I'm using an ADC wich is 24-bits resolution. So I save each byte in a different addres of the EEPROM. Now I want to read the data from the EEPROM and show it out using the arduino serial port monitor. So I take the 3 bytes and mix them to get a 24-bit numer. For example:
byte 1=1F
byte 2=2F
Hello,
I'm using an ADC with a 24-bits resolution. So I save each byte in a different EEPROM address. Now I want to read the data from the EEPROM and show it out using the arduino serial port monitor. So I take the 3 bytes and mix them to get a 24-bit numer. For example:
byte 1=1F
byte 2=2F
byte 3=FF
So I get----> 1F 2F FF
I'm using this code:
#include <EEPROM.h>
int address = 1;
byte value;
bool flag=0;
byte Valor[3];
int Val = 0;
void loop()
{
// read a byte from the current address of the EEPROM
for(int i=1;i<=3;i++){
value = EEPROM.read(address);
Valor*=value;*
Val=(Valor[1] << 16)+(Valor[2] << 8)+Valor[3];
Serial.print("Val=");*
Serial.print(Val);*
Serial.print(";Valor[1]=");*
Serial.print(Valor[1]);*
Serial.print(";Valor[2]=");*
Serial.print(Valor[2]);*
Serial.print(";Valor[3]=");*
Serial.print(Valor[3]);*
Serial.println();*
if (address == EEPROM.length()) {
flag=1;*
while(flag=1){}*
}*
delay(5);*
}
I notice that if the variable I'm sending through the serial port is more than 16 bits does not work(the value I visulaize is "0"). There is any possibility to visualize a 24 bit variable in the serial port monitor?
Thank you in advance
The way you read your EEPROM is wrong, look at this approach:
for(int i = 0;i < 3; i++) Valor[i] = EEPROM.read(address + i);
EDIT: You could also just do:
EEPROM.get(address, Valor);
Your valor array has three elements but their indices are 0,1 and 2 not 1,2 and 3.

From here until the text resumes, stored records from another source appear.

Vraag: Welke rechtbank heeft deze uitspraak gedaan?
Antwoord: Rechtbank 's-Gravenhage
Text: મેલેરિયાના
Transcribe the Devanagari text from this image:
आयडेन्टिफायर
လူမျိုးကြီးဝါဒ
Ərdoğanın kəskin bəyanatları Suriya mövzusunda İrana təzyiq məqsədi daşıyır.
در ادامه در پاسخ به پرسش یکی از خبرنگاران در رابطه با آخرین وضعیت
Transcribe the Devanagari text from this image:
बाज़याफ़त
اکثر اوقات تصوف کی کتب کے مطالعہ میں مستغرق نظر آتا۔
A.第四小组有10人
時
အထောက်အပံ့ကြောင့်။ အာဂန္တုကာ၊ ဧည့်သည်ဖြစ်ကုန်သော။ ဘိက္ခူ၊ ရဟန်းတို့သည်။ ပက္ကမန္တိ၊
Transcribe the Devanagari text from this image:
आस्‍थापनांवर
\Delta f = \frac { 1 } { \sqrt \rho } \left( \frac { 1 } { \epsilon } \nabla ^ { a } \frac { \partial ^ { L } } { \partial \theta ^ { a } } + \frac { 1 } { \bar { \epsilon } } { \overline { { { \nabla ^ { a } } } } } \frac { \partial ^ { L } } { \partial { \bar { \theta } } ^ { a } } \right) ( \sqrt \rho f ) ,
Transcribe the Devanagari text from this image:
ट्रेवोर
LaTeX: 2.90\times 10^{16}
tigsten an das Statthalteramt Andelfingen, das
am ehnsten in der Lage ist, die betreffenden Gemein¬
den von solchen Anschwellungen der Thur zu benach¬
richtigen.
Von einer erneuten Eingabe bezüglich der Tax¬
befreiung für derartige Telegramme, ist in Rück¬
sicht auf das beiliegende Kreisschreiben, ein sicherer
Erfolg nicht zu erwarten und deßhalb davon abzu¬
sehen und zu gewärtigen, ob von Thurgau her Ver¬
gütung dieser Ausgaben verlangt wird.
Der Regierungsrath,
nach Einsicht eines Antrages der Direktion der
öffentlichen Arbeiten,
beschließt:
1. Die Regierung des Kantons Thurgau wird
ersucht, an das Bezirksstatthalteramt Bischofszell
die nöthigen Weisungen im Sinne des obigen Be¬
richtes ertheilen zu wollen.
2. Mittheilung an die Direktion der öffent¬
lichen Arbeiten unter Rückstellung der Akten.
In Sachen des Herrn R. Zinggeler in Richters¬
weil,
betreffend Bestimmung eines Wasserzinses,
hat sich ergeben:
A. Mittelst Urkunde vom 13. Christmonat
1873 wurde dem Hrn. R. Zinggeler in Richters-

You're trying to push 24 bits into a sixteen bit int. Best make val a long instead.
Val=(Valor[1] << 16)+(Valor[2] << 8)+Valor[3];
What is your 8 bit value going to look like after you've shifted it 16 places to the left?
You need to cast Valor[n] to an unsigned long BEFORE applying the shift operator to it.
Danois90:
The way you read your EEPROM is wrong, look at this approach:for(int i = 0;i < 3; i++) Valor[i] = EEPROM.read(address + i);EDIT: You could also just do:
EEPROM.get(address, Valor);
I don't have problems in reading the EEPROM(I saved some values in the EEPROM first and I read them well). In fact if I do what you propose I would be reading all the time the same three registers address. My address start at 1 so the sequens would be: 1,2,3 and start again 1,2,3. I need to increment the address by one every time I read from the EEPROM.
Danois90:
The way you read your EEPROM is wrong, look at this approach:for(int i = 0;i < 3; i++) Valor[i] = EEPROM.read(address + i);EDIT: You could also just do:
EEPROM.get(address, Valor);
PaulS:
Val=(Valor[1] << 16)+(Valor[2] << 8)+Valor[3];What is your 8 bit value going to look like after you've shifted it 16 places to the left?
You need to cast Valor[n] to an unsigned long BEFORE applying the shift operator to it.
Yes, you are right I did not think about that...I declared Valor[n] as unsigned long but now the serial port monitor is not working...
Do you know the reason?
thank you
It's not valor that needs to be unsigned long but rather val. You're still using the wrong indices too.
Joaremi:
I don't have problems in reading the EEPROM(I saved some values in the EEPROM first and I read them well). In fact if I do what you propose I would be reading all the time the same three registers address. My address start at 1 so the sequens would be: 1,2,3 and start again 1,2,3. I need to increment the address by one every time I read from the EEPROM.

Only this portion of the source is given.